Re: Python 3 migration: considering non-UTF-8 conform filenames

EricZolf
Hi,

On 03/08/2019 14:50, Robert Nichols wrote:

>> The way to work around this in rdiffweb at least it's to manage path as
>> bytes. That is how rdiffweb 1.2.8 is working. Path are bytes. That is
>> also
>> how most filesystem are working too. Paths are bytes and those are
>> decoded
>> to be displayed to the user.
>
> Indeed. Paths are bytes, and there is no requirement that they be printable
> strings. The forward slash is the separator, and the individual path
> components can contain any byte except 0x00 (ASCII NUL). rdiff-backup
> should accept that.

I never challenged that, I was just highlighting the difficulties.

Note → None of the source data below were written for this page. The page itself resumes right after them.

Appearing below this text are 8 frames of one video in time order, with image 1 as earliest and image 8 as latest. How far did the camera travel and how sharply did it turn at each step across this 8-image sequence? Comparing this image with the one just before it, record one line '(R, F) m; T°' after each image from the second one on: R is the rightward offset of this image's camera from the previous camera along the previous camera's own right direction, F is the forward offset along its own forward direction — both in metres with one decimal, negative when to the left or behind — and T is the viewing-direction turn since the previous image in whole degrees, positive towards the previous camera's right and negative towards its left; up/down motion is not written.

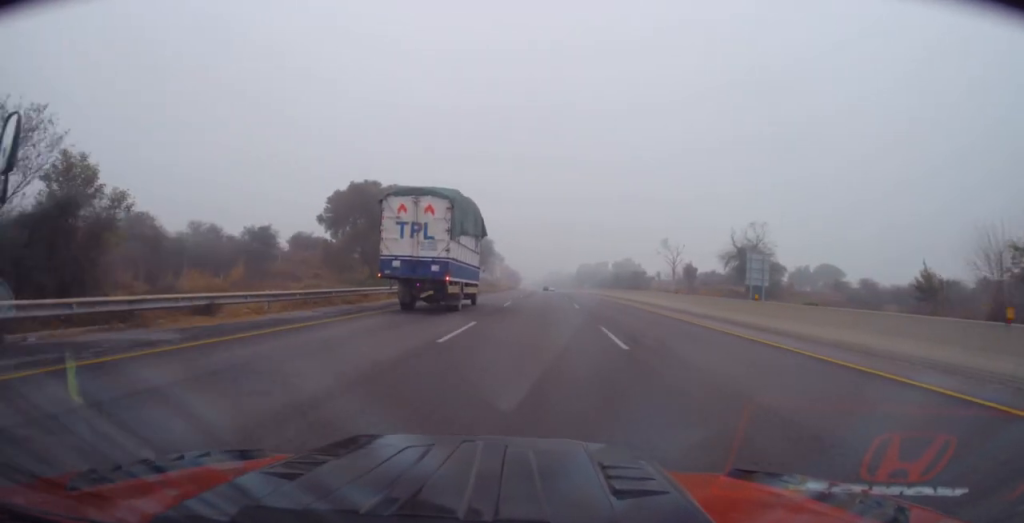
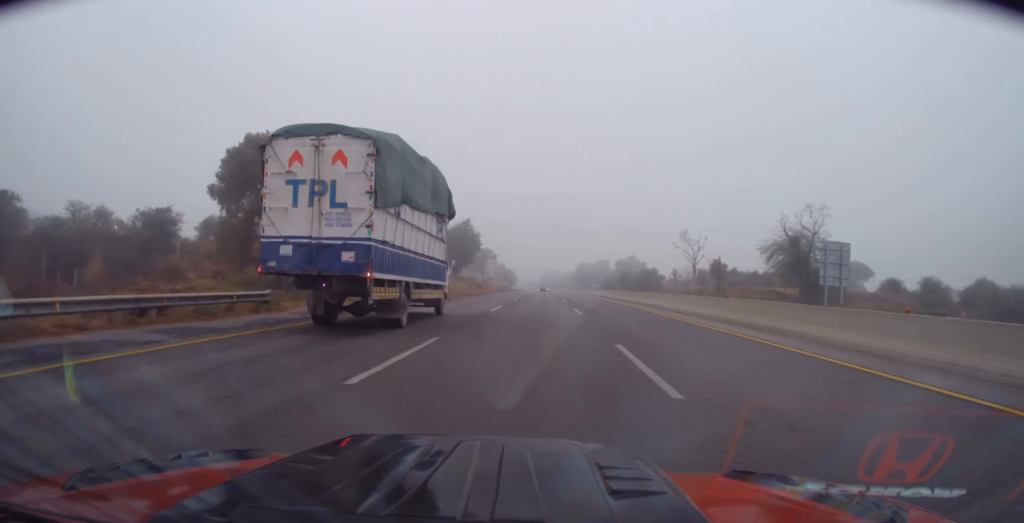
(+0.4, +23.1) m; +1°
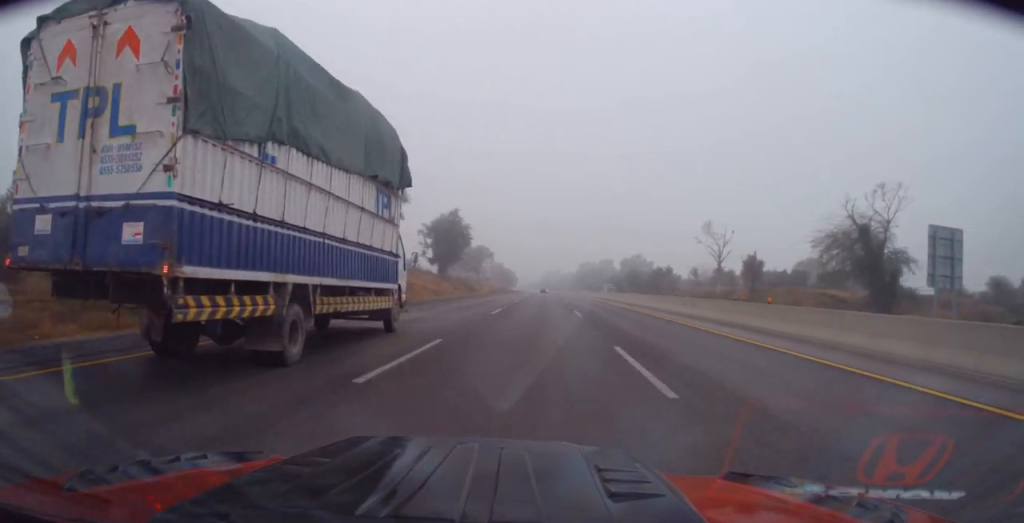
(+0.1, +17.7) m; 0°
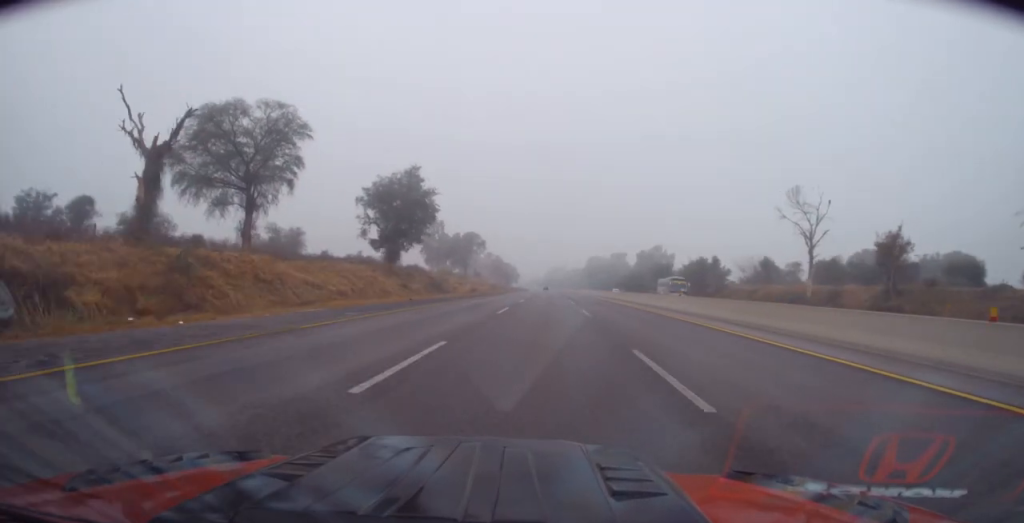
(-0.9, +36.7) m; 0°
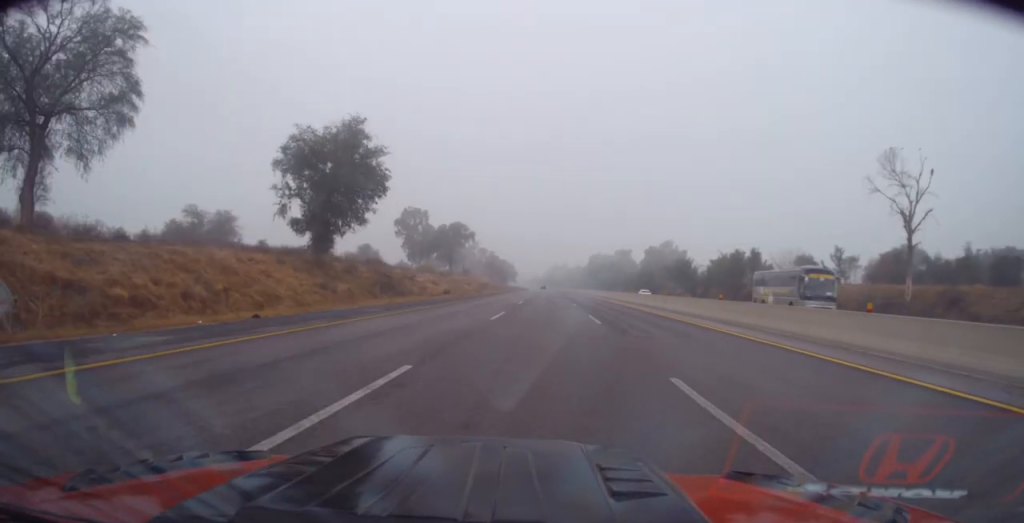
(+0.5, +21.3) m; 0°
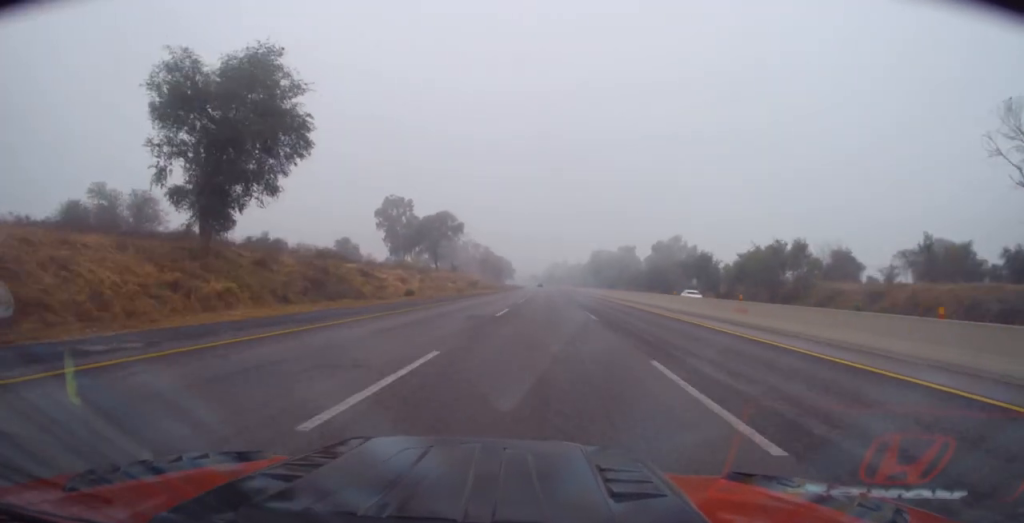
(-0.2, +16.0) m; -1°
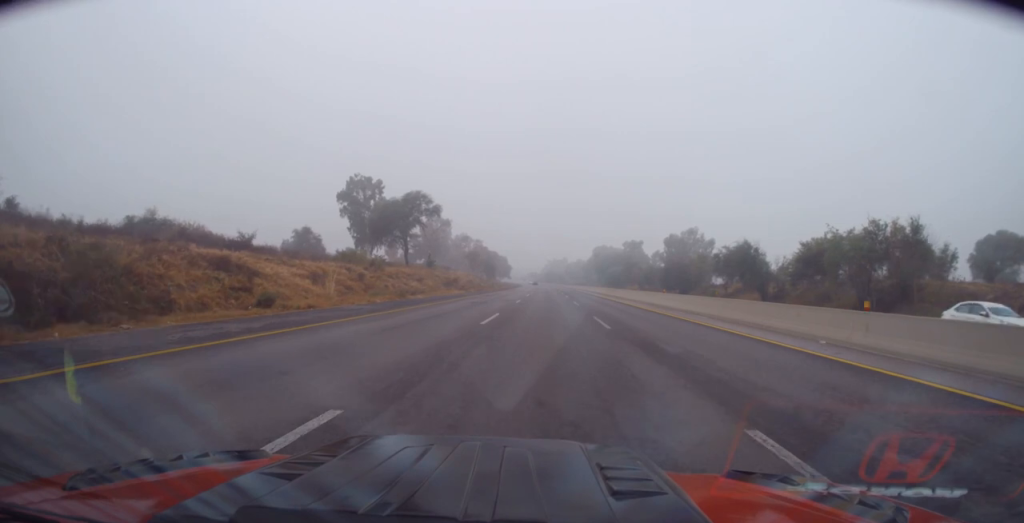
(-0.2, +23.1) m; -1°
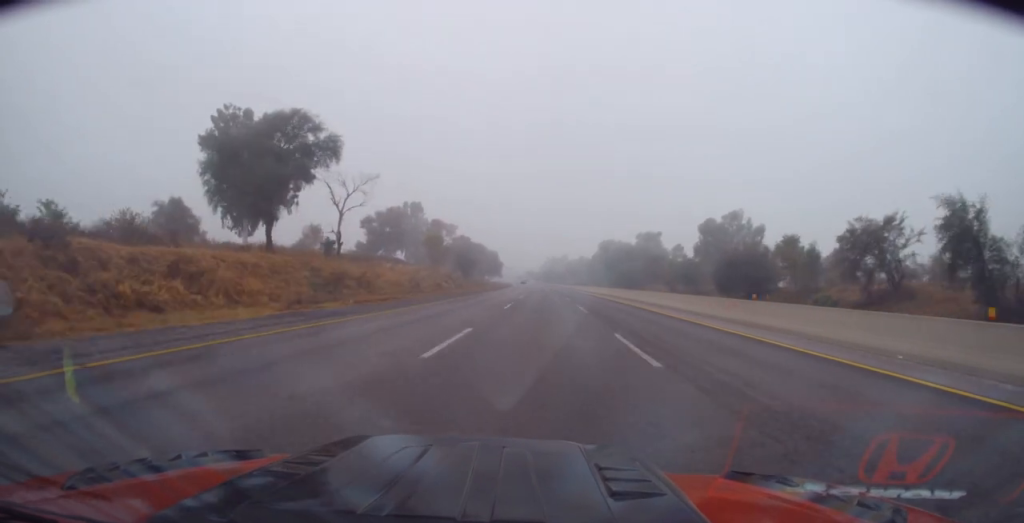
(0.0, +43.9) m; +1°

OK, I've created a sub-branch ericzolf-py2to3-bytes and will work on
this aspect, moving away from str for paths to bytes.

KR, Eric

_______________________________________________
rdiff-backup-users mailing list at [hidden email]
https://lists.nongnu.org/mailman/listinfo/rdiff-backup-users
Wiki URL: http://rdiff-backup.solutionsfirst.com.au/index.php/RdiffBackupWiki
Reply | Threaded
Open this post in threaded view
|

Re: Python 3 migration: considering non-UTF-8 conform filenames

EricZolf
Hi,

On 04/08/2019 08:59, Eric L. wrote:
> OK, I've created a sub-branch ericzolf-py2to3-bytes and will work on
> this aspect, moving away from str for paths to bytes.

If someone is interested, there is a working version at

https://github.com/ericzolf/rdiff-backup/tree/ericzolf-py2to3-bytes

You can backup, also incrementally, not sure about recovering, and none
of the tests is working. The repository looks good, rdiff-backup 1.2.8
accepts it without moaning.

So, all in all, we're back on track and unicode isn't a pre-requisite
anymore. Time to have dinner and go to bed...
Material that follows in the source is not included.